NDAR / nda-tools

Python package for interacting with NDA web services. Used to validate, submit, and download data to and from NDA.
MIT License
48 stars 22 forks source link

must use a real method to handle secrets #28

Closed GodloveD closed 8 months ago

GodloveD commented 3 years ago

I have declined to install this tool at the NIH HPC on behalf of a user because it does not handle secrets appropriately. In particular it saves usernames and passwords in a plain text file in the user's home directory. If these data are unencrypted at rest I have no reason to believe they are encrypted properly in transit either. Please change to a well-established key, token, or password model for secret management.

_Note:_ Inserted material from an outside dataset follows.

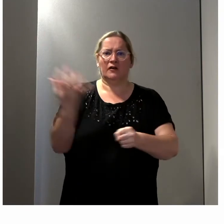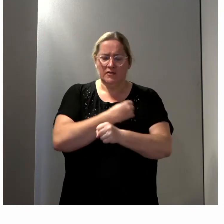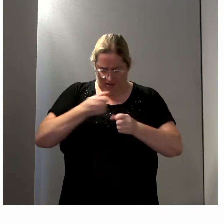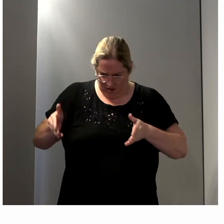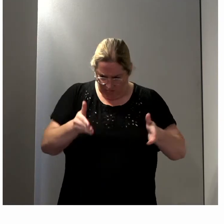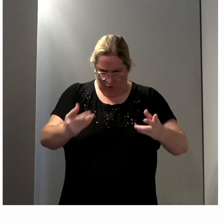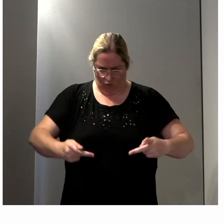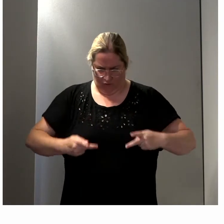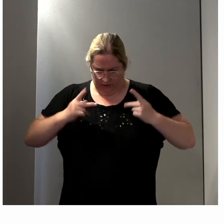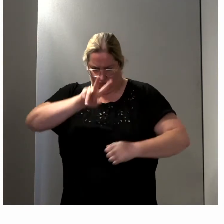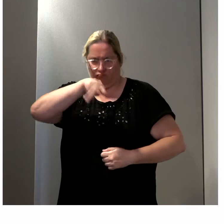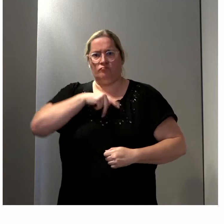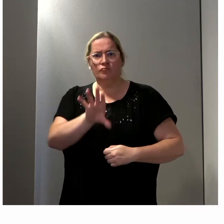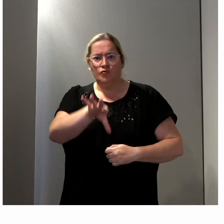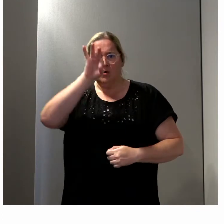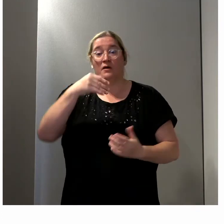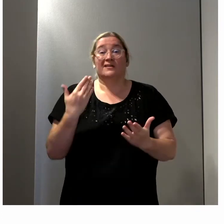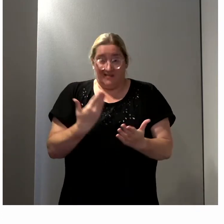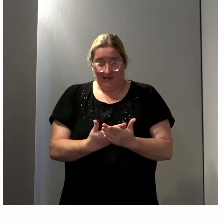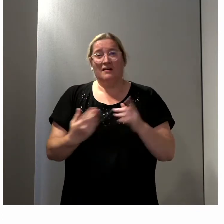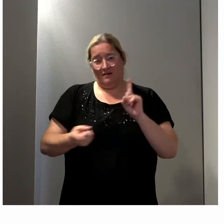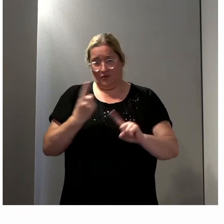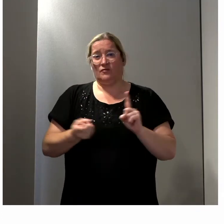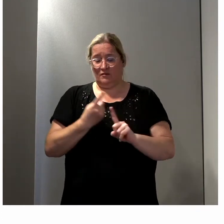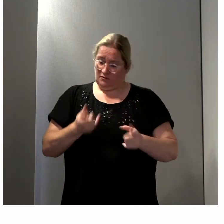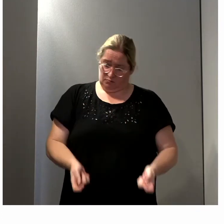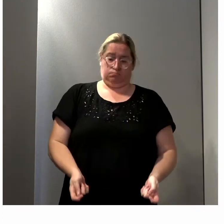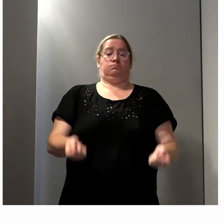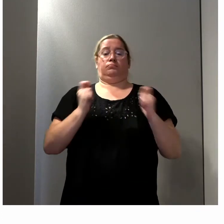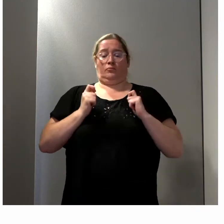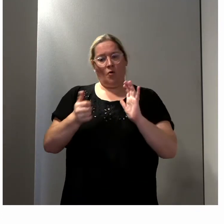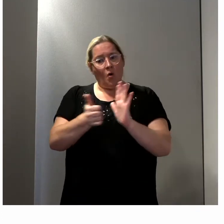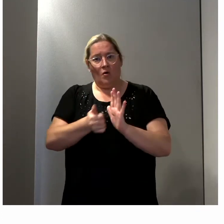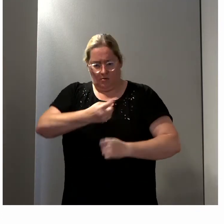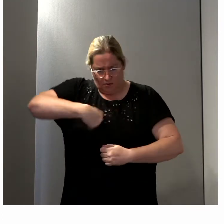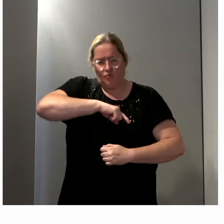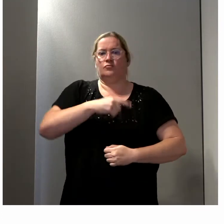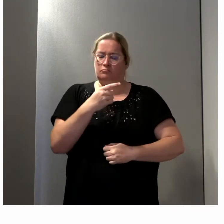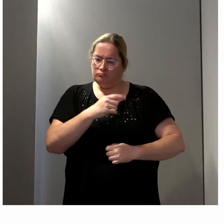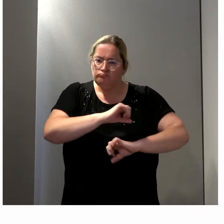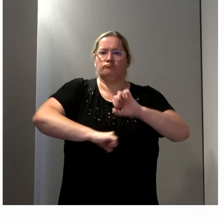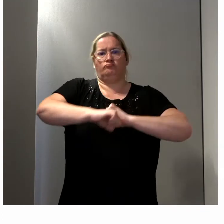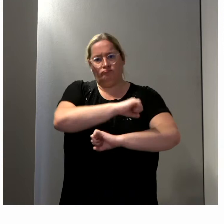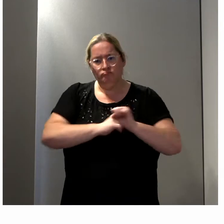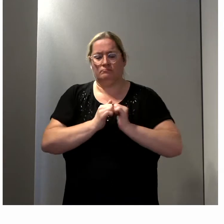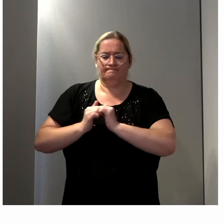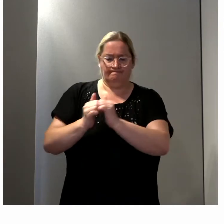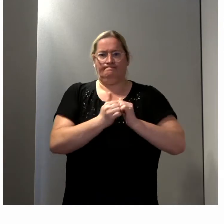son parcours de vie et c'est donc tout l'enjeu de cette délégation que nous sommes en train de construire ensemble au
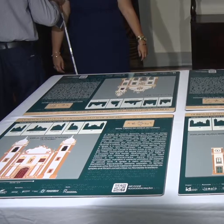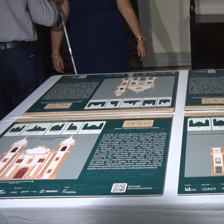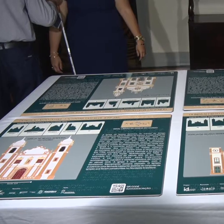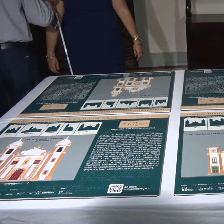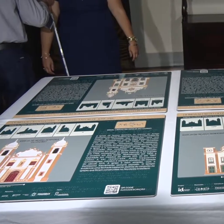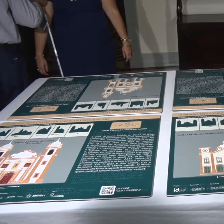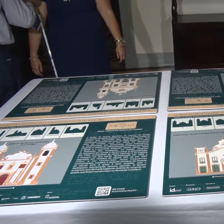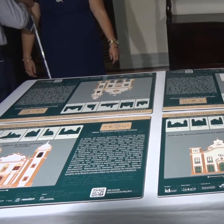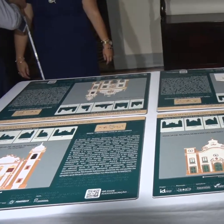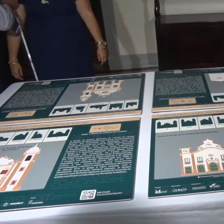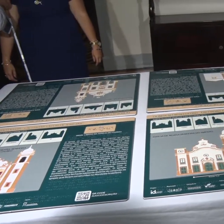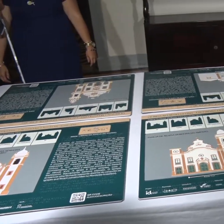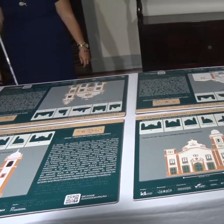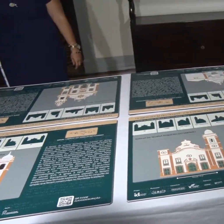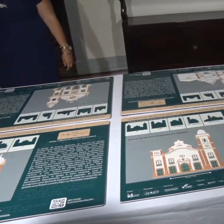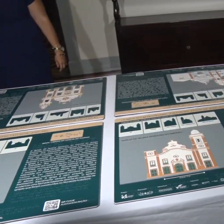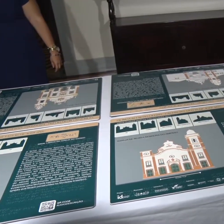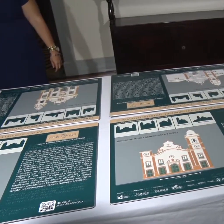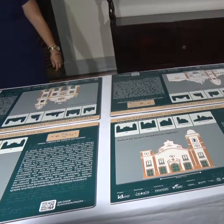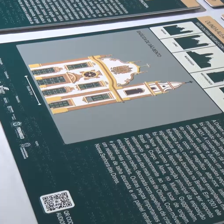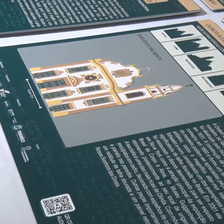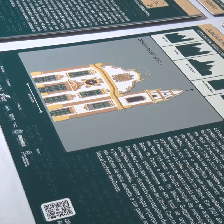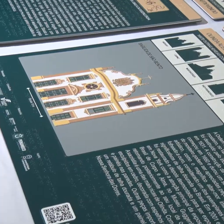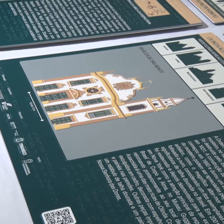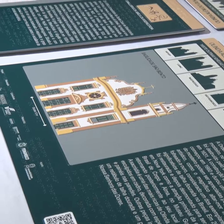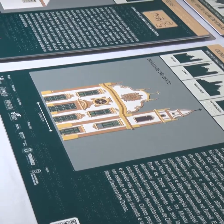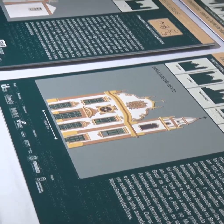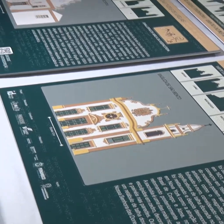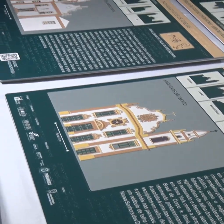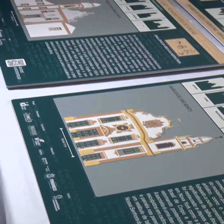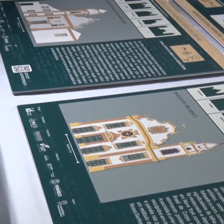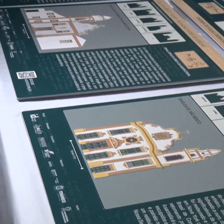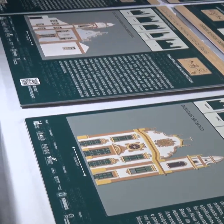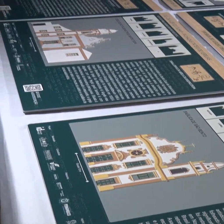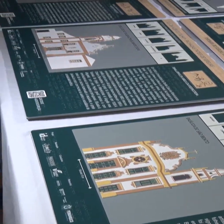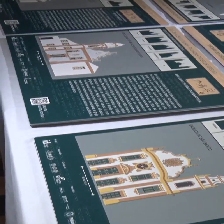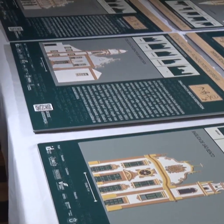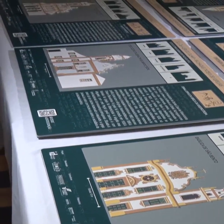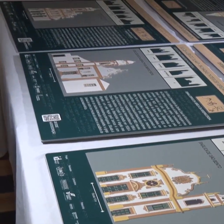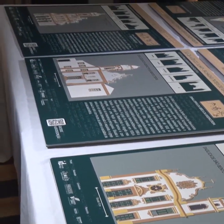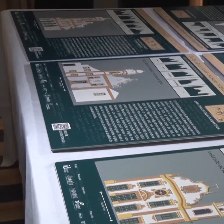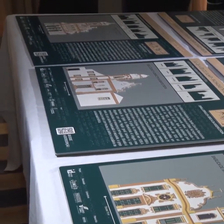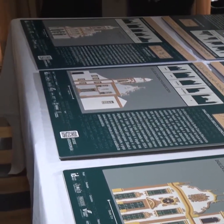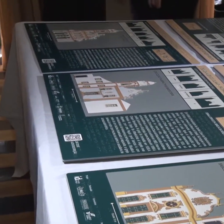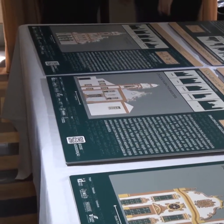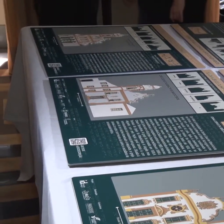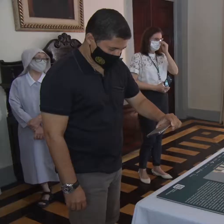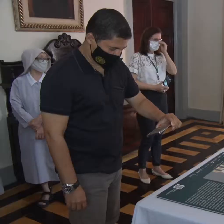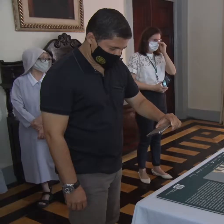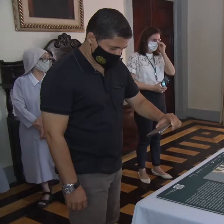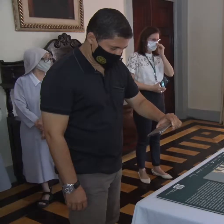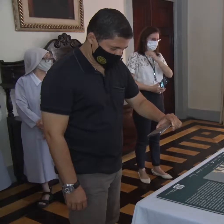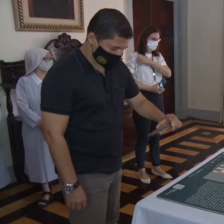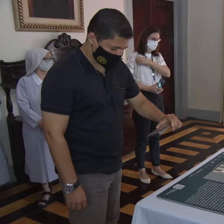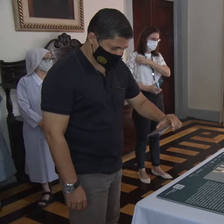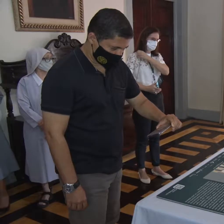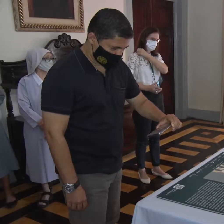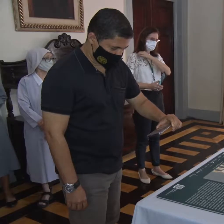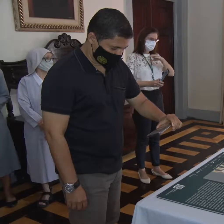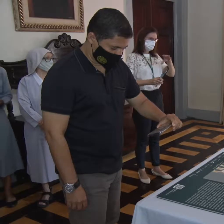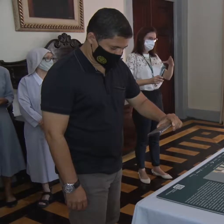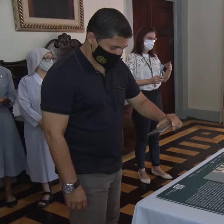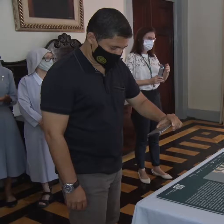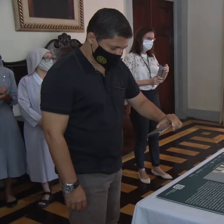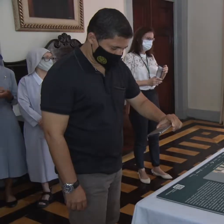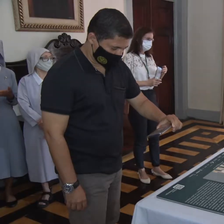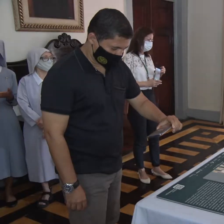Olinda, com informações em braile, letras grandes e QR Code com audiodescrição para pessoas cegas

obenshaindw commented 3 years ago

Similar to issue as #20

obenshaindw commented 3 years ago

@GodloveD and @yarikoptic you both have identified that there is room for improvement here. We have a few options for how to resolve this: encrypt the secrets, make the settings.cfg file only accessible to the user, or do away with persisting secrets and instead always ask for them and/or look for them from local environment variables.

  1. Encryption: If the encryption key is on the same file system as the encrypted settings.cfg file, which the tool would need to access the values in the file, this may not represent much of an improvement.
  2. Using Permissions: commandline tools like, the AWS command-line tool make the ~/.aws/credentials file accessible only to the user and checks that the permissions are appropriately set. This is probably the least amount of work to implement.
  3. Using temporary environment variables: we could check system environment variables instead of a text file, which would only be accessible by the user and session.
  4. Ask at runtime: if values are not present in environment variables, we could prompt the user to enter them; we do this already if they are not present in the config.

@GodloveD and @yarikoptic would option 2 be acceptable for more securely handling secrets?

yarikoptic commented 3 years ago

Since many existing tools (as you mentioned aws but also git and others) follow that approach, I guess 2. is generally considered Ok.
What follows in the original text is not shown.